És porta e és janela, mar de liberdades,

És intenção e gesto, ano após ano.

És forma e és ritmo em cada momento

Aurora da madrugada à espera de vez;

És água e és pedra do livre pensamento,

És génese e glória de ser português.

Carlos Teixeira

“Recordo, agora, com emoção pueril, os serões em sua casa, junto a meus pais, brincando com os seus filhos, espreitando sorrateiramente a sua biblioteca enorme ou entrando nela, de forma tímida, para desbravar a escrita dos grandes escritores ou dos pensadores que ajudaram a construir a sua formação cívica, o seu vasto horizonte cultural, e que eu, intimidade, mas determinada, tinha vontade de descobrir. Porque na figura do médico que me ajudou a nascer, na dor e na alegria, se mesclava a do homem culto, inteligente, arguto, que me emprestava alguns livros da sua colecção do Saber. Um homem com um sentido da vida e um modo de estar no mundo que passava pela 2modernidade” com que neles se enquadrava, atento aos sentidos dos outros e atento à sociedade em geral (ao modo de ser em sociedade).

Regina Anacleto

… Eu creio, de resto, que o grande segredo para a robustez do nosso Fernando Vale (além, claro, da excepcional construção orgânica com que a Natureza o privilegiou) reside no facto de ele pouco olhar os caminhos percorridos e preocupar-se apenas com os caminhos ainda a percorrer. O “ontem” apenas lhe serve como “inventário”, como “balanço”, mas pouco lhe importa. Importa-lhe sim o amanhã, o dia nascente, a fresca madrugada portadora de todas as esperanças!
Por isso, estar ao pé dele é assim como estar, no pino do Inverno junto à lareira … uma lareira que devolve às nossas fibras, quantas vezes enregeladas pelo frio do quotidiano, o calor benfazejo e revigorante. Estar ao pé dele é assim, como estar sempre em plena Primavera…

Sinde Filipe

“Eu, como é conhecido, estava no governo em 25 de Abril de 1974. Nesse dia, tendo deixado o meu gabinete completamente arrumado para qualquer eventualidade, perante aquilo que se sentia no ar, estava na Alemanha em visita oficial, onde soube dos acontecimentos.

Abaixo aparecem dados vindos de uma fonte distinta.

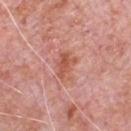{
  "automated_metrics": {
    "cielab_L": 57,
    "cielab_a": 27,
    "cielab_b": 31,
    "vs_skin_darker_L": 8.0,
    "vs_skin_contrast_norm": 6.5,
    "peripheral_color_asymmetry": 1.5
  },
  "lighting": "white-light",
  "lesion_size": {
    "long_diameter_mm_approx": 4.0
  },
  "patient": {
    "sex": "male",
    "age_approx": 80
  },
  "image": {
    "source": "total-body photography crop",
    "field_of_view_mm": 15
  },
  "site": "chest"
}
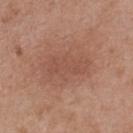Recorded during total-body skin imaging; not selected for excision or biopsy.
Measured at roughly 5.5 mm in maximum diameter.
A female patient, aged around 40.
A roughly 15 mm field-of-view crop from a total-body skin photograph.
Located on the upper back.
Captured under white-light illumination.
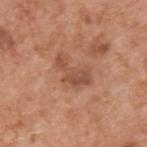Captured during whole-body skin photography for melanoma surveillance; the lesion was not biopsied.
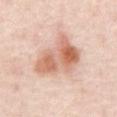Clinical impression: Part of a total-body skin-imaging series; this lesion was reviewed on a skin check and was not flagged for biopsy. Image and clinical context: Cropped from a whole-body photographic skin survey; the tile spans about 15 mm. A patient aged 53 to 57. The lesion's longest dimension is about 6 mm. From the abdomen. The tile uses cross-polarized illumination. The lesion-visualizer software estimated a footprint of about 19 mm², an eccentricity of roughly 0.75, and a shape-asymmetry score of about 0.35 (0 = symmetric). And it measured a lesion–skin lightness drop of about 13 and a normalized lesion–skin contrast near 8.5.
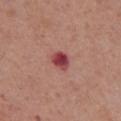{"site": "chest", "lesion_size": {"long_diameter_mm_approx": 2.5}, "image": {"source": "total-body photography crop", "field_of_view_mm": 15}, "automated_metrics": {"area_mm2_approx": 4.5, "eccentricity": 0.55, "shape_asymmetry": 0.2, "cielab_L": 44, "cielab_a": 33, "cielab_b": 21, "nevus_likeness_0_100": 0, "lesion_detection_confidence_0_100": 100}, "patient": {"sex": "male", "age_approx": 70}, "lighting": "white-light"}
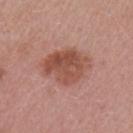biopsy_status: not biopsied; imaged during a skin examination
lesion_size:
  long_diameter_mm_approx: 6.0
patient:
  sex: female
  age_approx: 45
image:
  source: total-body photography crop
  field_of_view_mm: 15
site: left upper arm
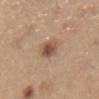The lesion was photographed on a routine skin check and not biopsied; there is no pathology result. A lesion tile, about 15 mm wide, cut from a 3D total-body photograph. The lesion is located on the abdomen. The subject is a male in their 70s. This is a white-light tile.
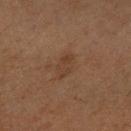No biopsy was performed on this lesion — it was imaged during a full skin examination and was not determined to be concerning. A region of skin cropped from a whole-body photographic capture, roughly 15 mm wide. A male subject, aged 58 to 62. The lesion is on the right upper arm.

(…) Alguns tempos depois fui a Coja. E naturalmente «senti» aquele clima e aquela postura da parte de alguma gente, o que compreendi e aceitei sem qualquer ressentimento, com dignidade e silenciosamente.

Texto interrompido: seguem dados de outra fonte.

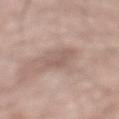Captured during whole-body skin photography for melanoma surveillance; the lesion was not biopsied. Captured under white-light illumination. Located on the mid back. An algorithmic analysis of the crop reported a shape eccentricity near 0.85 and two-axis asymmetry of about 0.6. It also reported a border-irregularity rating of about 6.5/10 and a peripheral color-asymmetry measure near 0. It also reported a detector confidence of about 90 out of 100 that the crop contains a lesion. Cropped from a total-body skin-imaging series; the visible field is about 15 mm. The subject is a male about 60 years old. Longest diameter approximately 2.5 mm.
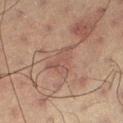workup: no biopsy performed (imaged during a skin exam); lesion diameter: ≈4 mm; patient: male, aged approximately 60; image: ~15 mm crop, total-body skin-cancer survey.
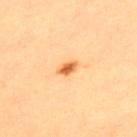Notes:
- follow-up · imaged on a skin check; not biopsied
- site · the upper back
- subject · male, approximately 65 years of age
- TBP lesion metrics · roughly 14 lightness units darker than nearby skin and a lesion-to-skin contrast of about 9 (normalized; higher = more distinct); internal color variation of about 4 on a 0–10 scale; lesion-presence confidence of about 100/100
- image source · ~15 mm crop, total-body skin-cancer survey
- lighting · cross-polarized illumination
- diameter · about 3 mm

Num dia, num dos meus passeios pedestres que continuo a fazer, encontrando-me na recta da estrada do Pisão pára um carro uns metros adiante de mim. Dele saiu o Dr. Fernando Valle ao tempo Governador Civil de Coimbra. Cumprimentámo-nos. Ele mandou seguir o carro e que o esperasse à Ponte, meteu no meu o seu braço e disse-me: quero ir consigo de braço dado vila abaixo para demonstrar a esta gente que continuo a ter por si a mesma consideração.”